** Data supplied follows **

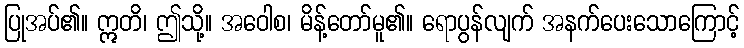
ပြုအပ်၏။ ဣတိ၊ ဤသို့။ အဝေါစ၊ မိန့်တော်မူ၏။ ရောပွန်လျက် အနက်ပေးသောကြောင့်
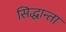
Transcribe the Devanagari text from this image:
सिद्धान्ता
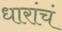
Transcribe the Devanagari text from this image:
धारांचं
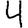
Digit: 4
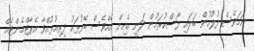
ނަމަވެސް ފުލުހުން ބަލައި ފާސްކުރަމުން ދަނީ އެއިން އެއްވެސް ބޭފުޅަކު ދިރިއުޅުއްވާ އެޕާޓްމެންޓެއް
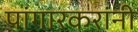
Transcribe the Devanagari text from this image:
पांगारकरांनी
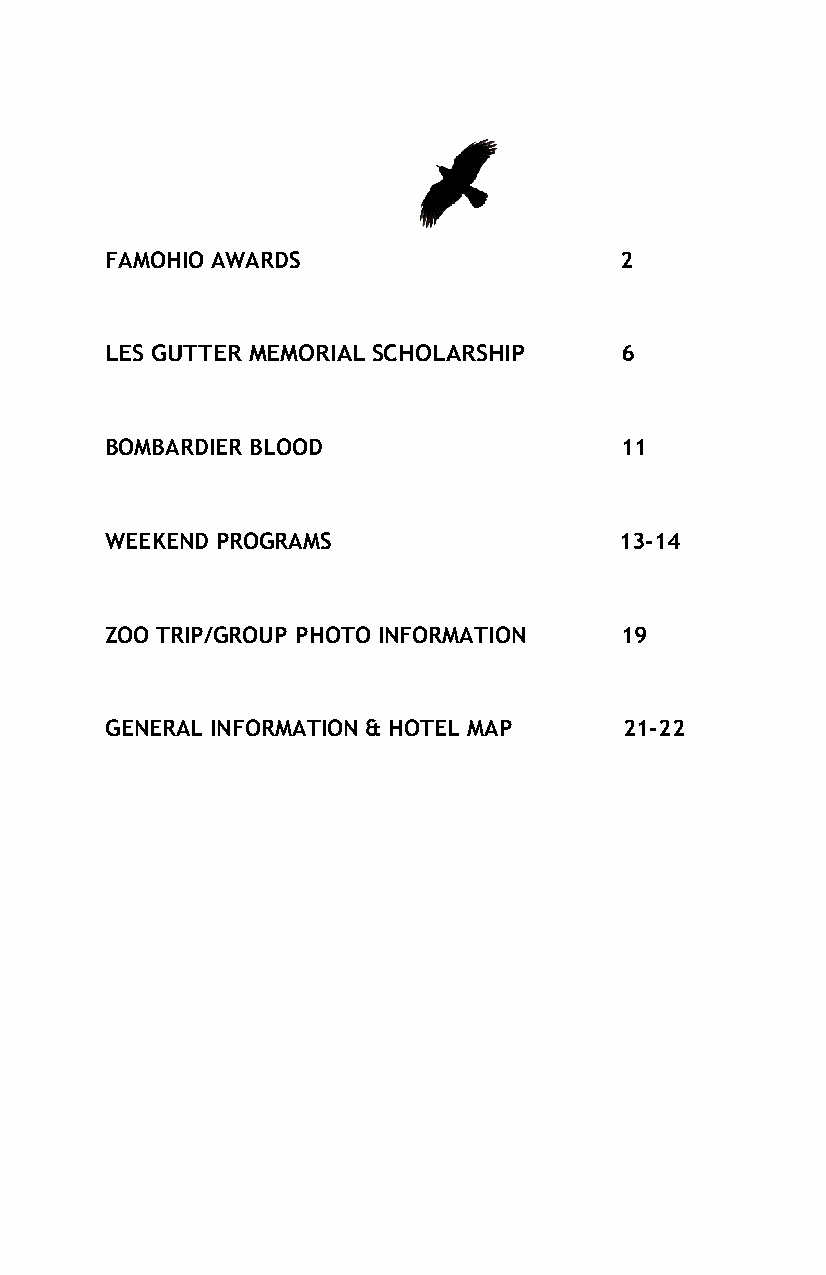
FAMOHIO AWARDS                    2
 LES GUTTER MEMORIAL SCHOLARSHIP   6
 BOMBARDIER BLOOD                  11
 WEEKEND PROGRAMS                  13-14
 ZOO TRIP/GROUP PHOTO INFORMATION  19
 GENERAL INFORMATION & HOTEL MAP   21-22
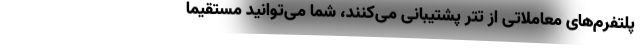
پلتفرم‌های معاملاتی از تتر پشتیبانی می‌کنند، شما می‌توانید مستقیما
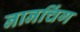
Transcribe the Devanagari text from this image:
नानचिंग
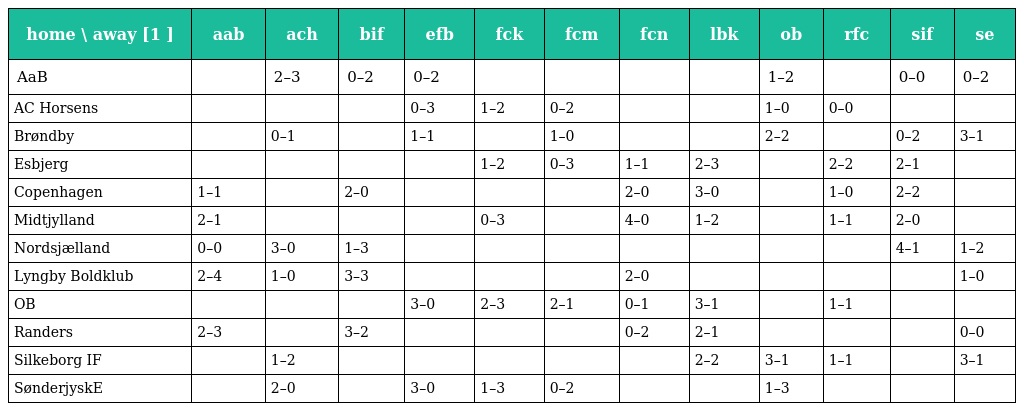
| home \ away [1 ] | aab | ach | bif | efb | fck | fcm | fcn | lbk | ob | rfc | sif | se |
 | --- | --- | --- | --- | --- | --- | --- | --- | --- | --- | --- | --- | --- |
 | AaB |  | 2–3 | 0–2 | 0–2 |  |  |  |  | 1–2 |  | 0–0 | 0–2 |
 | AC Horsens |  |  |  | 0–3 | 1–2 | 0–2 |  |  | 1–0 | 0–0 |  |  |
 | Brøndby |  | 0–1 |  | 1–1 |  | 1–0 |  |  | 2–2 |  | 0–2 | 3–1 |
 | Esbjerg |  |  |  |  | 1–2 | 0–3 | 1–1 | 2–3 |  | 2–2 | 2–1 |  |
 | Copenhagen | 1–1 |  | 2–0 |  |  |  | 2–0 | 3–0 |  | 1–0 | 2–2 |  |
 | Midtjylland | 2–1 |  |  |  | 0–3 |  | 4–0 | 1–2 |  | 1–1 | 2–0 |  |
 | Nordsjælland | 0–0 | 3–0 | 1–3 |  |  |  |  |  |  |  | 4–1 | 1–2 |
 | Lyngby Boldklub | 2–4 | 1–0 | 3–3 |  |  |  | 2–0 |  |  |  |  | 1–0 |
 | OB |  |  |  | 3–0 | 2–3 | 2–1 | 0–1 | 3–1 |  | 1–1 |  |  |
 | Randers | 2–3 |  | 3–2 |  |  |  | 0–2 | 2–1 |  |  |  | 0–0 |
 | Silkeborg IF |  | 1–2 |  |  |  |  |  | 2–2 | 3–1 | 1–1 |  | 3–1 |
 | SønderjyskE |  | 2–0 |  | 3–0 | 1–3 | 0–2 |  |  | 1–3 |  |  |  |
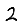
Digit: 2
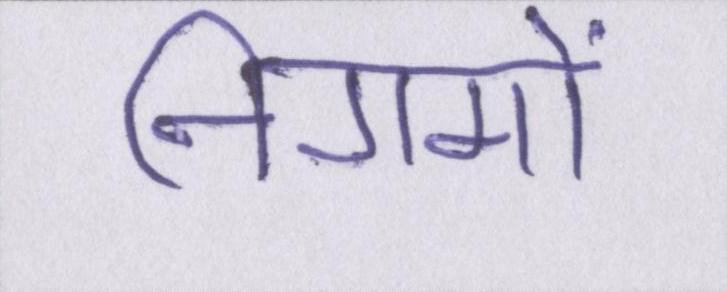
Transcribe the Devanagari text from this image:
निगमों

** End of Data supplied **

__Work to complete__.
Print out every entry above without changing a word, and leave out the pictures.

__Response area__.
ပြုအပ်၏။ ဣတိ၊ ဤသို့။ အဝေါစ၊ မိန့်တော်မူ၏။ ရောပွန်လျက် အနက်ပေးသောကြောင့်
Transcribe the Devanagari text from this image:
सिद्धान्ता
Transcribe the Devanagari text from this image:
धारांचं
Digit: 4
ނަމަވެސް ފުލުހުން ބަލައި ފާސްކުރަމުން ދަނީ އެއިން އެއްވެސް ބޭފުޅަކު ދިރިއުޅުއްވާ އެޕާޓްމެންޓެއް
Transcribe the Devanagari text from this image:
पांगारकरांनी
FAMOHIO AWARDS                    2
 LES GUTTER MEMORIAL SCHOLARSHIP   6
 BOMBARDIER BLOOD                  11
 WEEKEND PROGRAMS                  13-14
 ZOO TRIP/GROUP PHOTO INFORMATION  19
 GENERAL INFORMATION & HOTEL MAP   21-22
پلتفرم‌های معاملاتی از تتر پشتیبانی می‌کنند، شما می‌توانید مستقیما
Transcribe the Devanagari text from this image:
नानचिंग
| home \ away [1 ] | aab | ach | bif | efb | fck | fcm | fcn | lbk | ob | rfc | sif | se |
 | --- | --- | --- | --- | --- | --- | --- | --- | --- | --- | --- | --- | --- |
 | AaB |  | 2–3 | 0–2 | 0–2 |  |  |  |  | 1–2 |  | 0–0 | 0–2 |
 | AC Horsens |  |  |  | 0–3 | 1–2 | 0–2 |  |  | 1–0 | 0–0 |  |  |
 | Brøndby |  | 0–1 |  | 1–1 |  | 1–0 |  |  | 2–2 |  | 0–2 | 3–1 |
 | Esbjerg |  |  |  |  | 1–2 | 0–3 | 1–1 | 2–3 |  | 2–2 | 2–1 |  |
 | Copenhagen | 1–1 |  | 2–0 |  |  |  | 2–0 | 3–0 |  | 1–0 | 2–2 |  |
 | Midtjylland | 2–1 |  |  |  | 0–3 |  | 4–0 | 1–2 |  | 1–1 | 2–0 |  |
 | Nordsjælland | 0–0 | 3–0 | 1–3 |  |  |  |  |  |  |  | 4–1 | 1–2 |
 | Lyngby Boldklub | 2–4 | 1–0 | 3–3 |  |  |  | 2–0 |  |  |  |  | 1–0 |
 | OB |  |  |  | 3–0 | 2–3 | 2–1 | 0–1 | 3–1 |  | 1–1 |  |  |
 | Randers | 2–3 |  | 3–2 |  |  |  | 0–2 | 2–1 |  |  |  | 0–0 |
 | Silkeborg IF |  | 1–2 |  |  |  |  |  | 2–2 | 3–1 | 1–1 |  | 3–1 |
 | SønderjyskE |  | 2–0 |  | 3–0 | 1–3 | 0–2 |  |  | 1–3 |  |  |  |
Digit: 2
Transcribe the Devanagari text from this image:
निगमों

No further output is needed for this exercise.